Psychology Department, Hebrew University of Jerusalem, Jerusalem, Israel.
School of Philosophy, Psychology and Language Sciences, University of Edinburgh, Edinburgh, UK.
Sci Rep. 2024 Mar 4;14(1):5255. doi: 10.1038/s41598-024-56152-9.
Human language is unique in its structure: language is made up of parts that can be recombined in a productive way. The parts are not given but have to be discovered by learners exposed to unsegmented wholes. Across languages, the frequency distribution of those parts follows a power law. Both statistical properties-having parts and having them follow a particular distribution-facilitate learning, yet their origin is still poorly understood. Where do the parts come from and why do they follow a particular frequency distribution? Here, we show how these two core properties emerge from the process of cultural evolution with whole-to-part learning. We use an experimental analog of cultural transmission in which participants copy sets of non-linguistic sequences produced by a previous participant: This design allows us to ask if parts will emerge purely under pressure for the system to be learnable, even without meanings to convey. We show that parts emerge from initially unsegmented sequences, that their distribution becomes closer to a power law over generations, and, importantly, that these properties make the sets of sequences more learnable. We argue that these two core statistical properties of language emerge culturally both as a cause and effect of greater learnability.

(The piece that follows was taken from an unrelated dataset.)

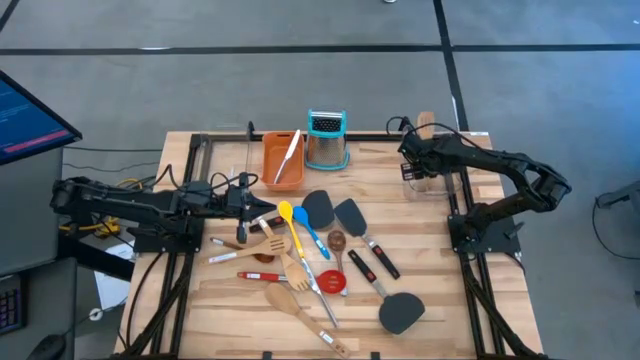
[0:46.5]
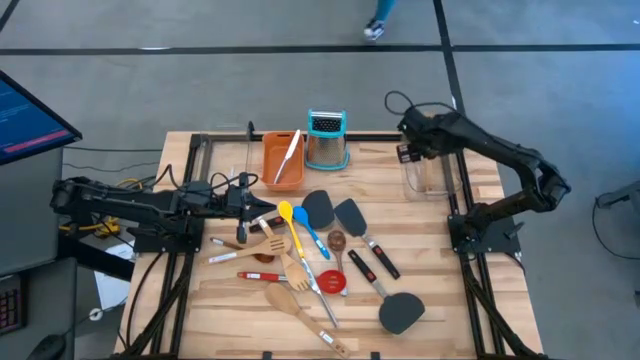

语言是由可以以富有成效的方式重新组合的部分组成的。这些部分不是给定的,而是必须由接触非分割整体的学习者发现。在不同的语言中,这些部分的频率分布遵循幂律。这两个统计特性——有部分和部分遵循特定分布——都有助于学习,但它们的起源仍知之甚少。这些部分来自哪里,为什么它们遵循特定的频率分布?在这里,我们展示了这两个核心特性如何从具有整体到部分学习的文化进化过程中产生。我们使用了一种文化传播的实验模拟,其中参与者复制由前一个参与者生成的非语言序列集:这种设计允许我们询问,即使没有要传达的含义,仅在系统可学习的压力下,部分是否会纯粹出现。我们表明,部分从最初的非分割序列中出现,它们的分布在几代人之间变得更接近幂律,重要的是,这些特性使序列集更具可学习性。我们认为,语言的这两个核心统计特性在文化上既是更大可学习性的原因,也是结果。